Faria Maria Luiza Medeiros, Libório Alexandre Braga
Medical Program, Universidade de Fortaleza-UNIFOR, Fortaleza, Ceará, Brazil.
Medical Sciences Postgraduate Program, Universidade de Fortaleza- UNIFOR, Fortaleza, Ceará, Brazil.
Shock. 2025 Feb 1;63(2):202-209. doi: 10.1097/SHK.0000000000002435. Epub 2024 Aug 12.

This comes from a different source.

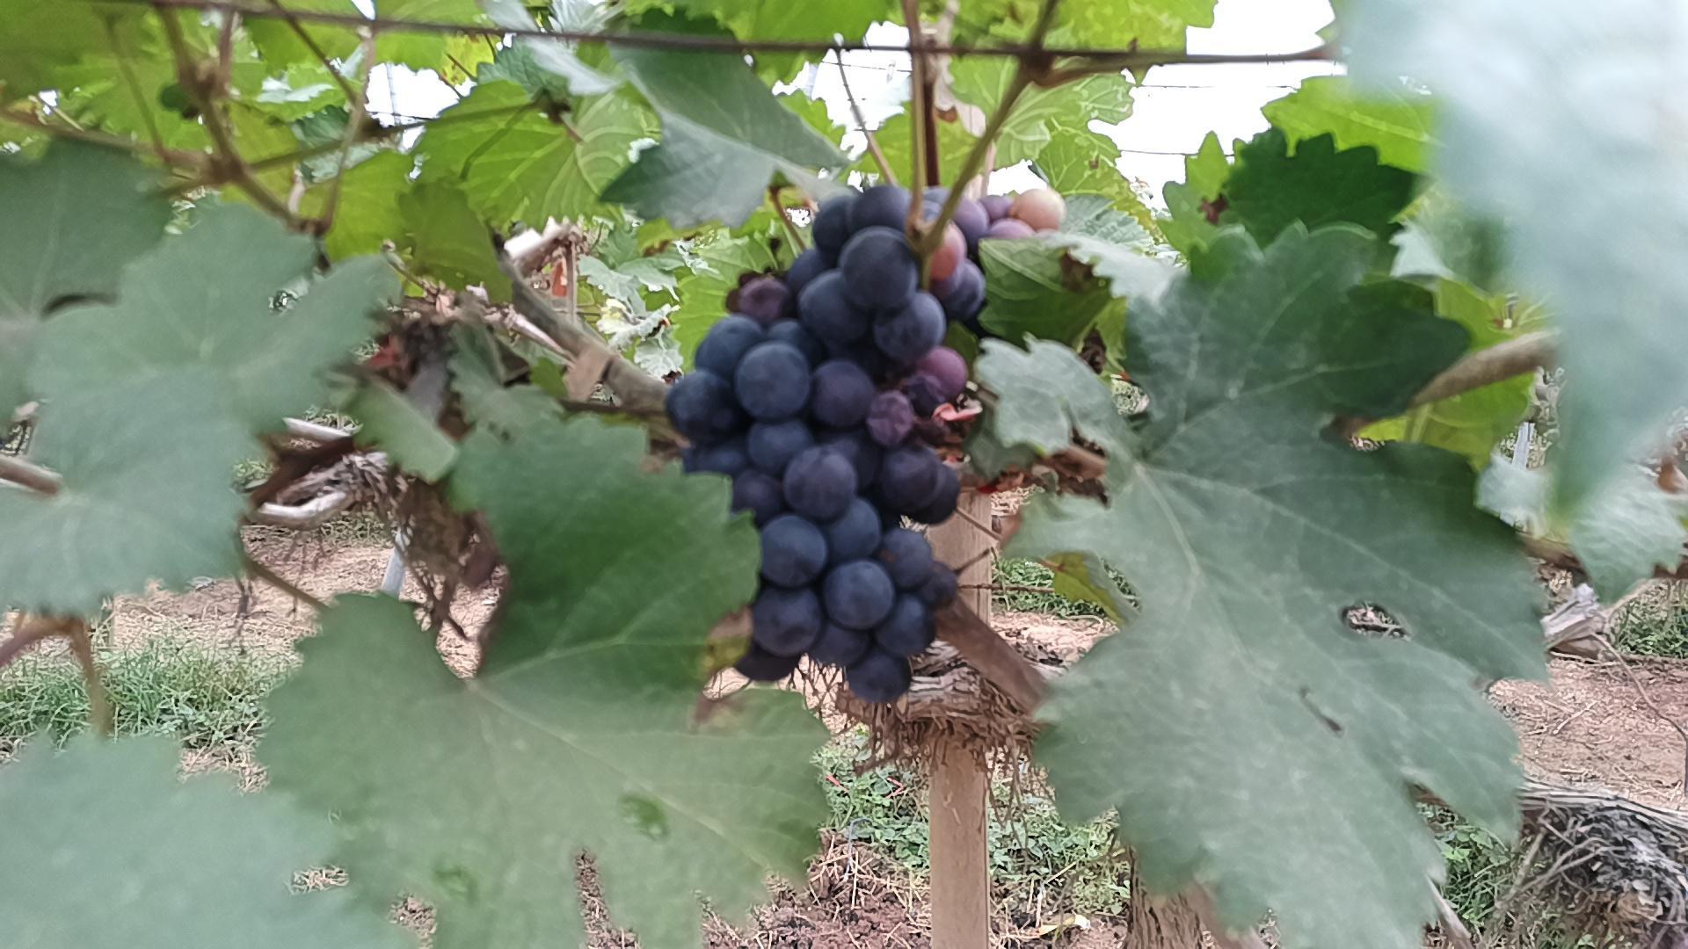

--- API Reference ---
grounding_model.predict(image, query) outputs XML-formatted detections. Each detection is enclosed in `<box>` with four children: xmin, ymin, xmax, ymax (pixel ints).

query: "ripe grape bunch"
<box><xmin>666</xmin><ymin>185</ymin><xmax>1063</xmax><ymax>702</ymax></box>

Background : Continuous kidney replacement therapy (CKRT) is a crucial intervention for hemodynamically unstable patients with acute kidney injury (AKI). Despite the recommendations to offer a CKRT dose of 20 to 25 mL/kg/h, the optimal CKRT dose remains uncertain, especially whether low-dose CKRT is associated with poor outcomes. This study investigated the association between low CKRT dosage and 90-day mortality using a marginal structural model (MSM). Methods : Using the MIMIC-IV database, adult patients who received CKRT for more than 24 h were included. Data on time-fixed and time-dependent variables were collected. Patients were categorized based on CKRT dose thresholds of 13 and 20 mL/kg/h. Results : Among the 1,329 patients, the 90-day mortality rate was 49.6%. The median age of the patients was 62 years (IQR: 52-72). Changes in CKRT dosing during treatment were frequent. Patients with a reduced delivered CKRT dose (<20 and <13 mL/kg/h) generally exhibited low values during the initial days of CKRT, with an increase in the delivered CKRT dose. After adjusting only for baseline variables (traditional Cox regression model), patients receiving CKRT doses <13 mL/kg/h had significantly greater 90-day mortality (HR: 1.70, 95% CI 1.16-2.49) than those receiving CKRT doses ≥13 mL/kg/h. However, after adjusting for time-dependent variables, the CKRT dose was not significantly associated with mortality at either the 13 or 20 mL/kg/h threshold. Additionally, there were no significant associations between the delivered CKRT dose and 90-day mortality within the range of 5 to 40 mL/kg/h. Conclusion : This study highlights the impact of methodological approaches on the association between CKRT dose and mortality and that with personalized adjustments, there may not be a lower limit of the unsafe CKRT dose. However, lower CKRT doses were initially associated with higher mortality, and adjusting for time-dependent variables nullified this association.
连续性肾脏替代疗法(CKRT)是对血流动力学不稳定的急性肾损伤(AKI)患者的关键干预措施。尽管建议给予20至25 mL/kg/h的CKRT剂量,但最佳CKRT剂量仍不确定,尤其是低剂量CKRT是否与不良预后相关。本研究使用边际结构模型(MSM)调查了低CKRT剂量与90天死亡率之间的关联。方法:使用MIMIC-IV数据库,纳入接受CKRT超过24小时的成年患者。收集关于时间固定和时间依赖变量的数据。根据13和20 mL/kg/h的CKRT剂量阈值对患者进行分类。结果:在1329例患者中,90天死亡率为49.6%。患者的中位年龄为62岁(四分位间距:52 - 72岁)。治疗期间CKRT剂量的变化很频繁。接受的CKRT剂量降低(<20和<13 mL/kg/h)的患者在CKRT开始的几天内通常显示较低的值,随后接受的CKRT剂量增加。仅对基线变量进行调整后(传统Cox回归模型),接受CKRT剂量<13 mL/kg/h的患者90天死亡率(风险比:1.70,95%置信区间1.16 - 2.49)显著高于接受CKRT剂量≥13 mL/kg/h的患者。然而,在对时间依赖变量进行调整后,在13或20 mL/kg/h阈值下,CKRT剂量与死亡率均无显著关联。此外,在5至40 mL/kg/h范围内,接受的CKRT剂量与90天死亡率之间也无显著关联。结论:本研究强调了方法学方法对CKRT剂量与死亡率之间关联的影响,并且通过个性化调整,可能不存在不安全CKRT剂量的下限。然而,较低的CKRT剂量最初与较高的死亡率相关,而对时间依赖变量进行调整消除了这种关联。